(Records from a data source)
Content starts

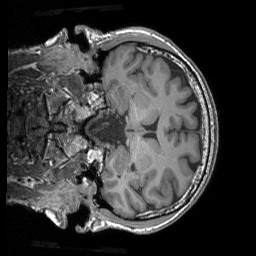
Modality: T1w
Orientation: coronal
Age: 60
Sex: male
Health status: healthy
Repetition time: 1.9 s
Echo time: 0.00252 s
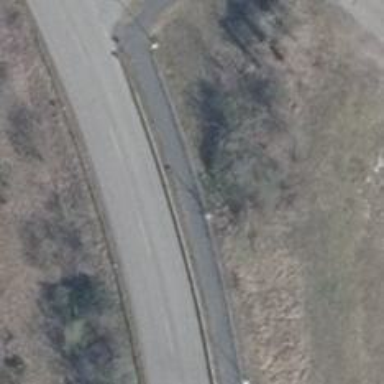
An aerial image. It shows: Asphalt path.

Content ends

» Assignment: Leave the pictures out and reproduce each record exactly as written.

» Response:
Modality: T1w
Orientation: coronal
Age: 60
Sex: male
Health status: healthy
Repetition time: 1.9 s
Echo time: 0.00252 s
An aerial image. It shows: Asphalt path.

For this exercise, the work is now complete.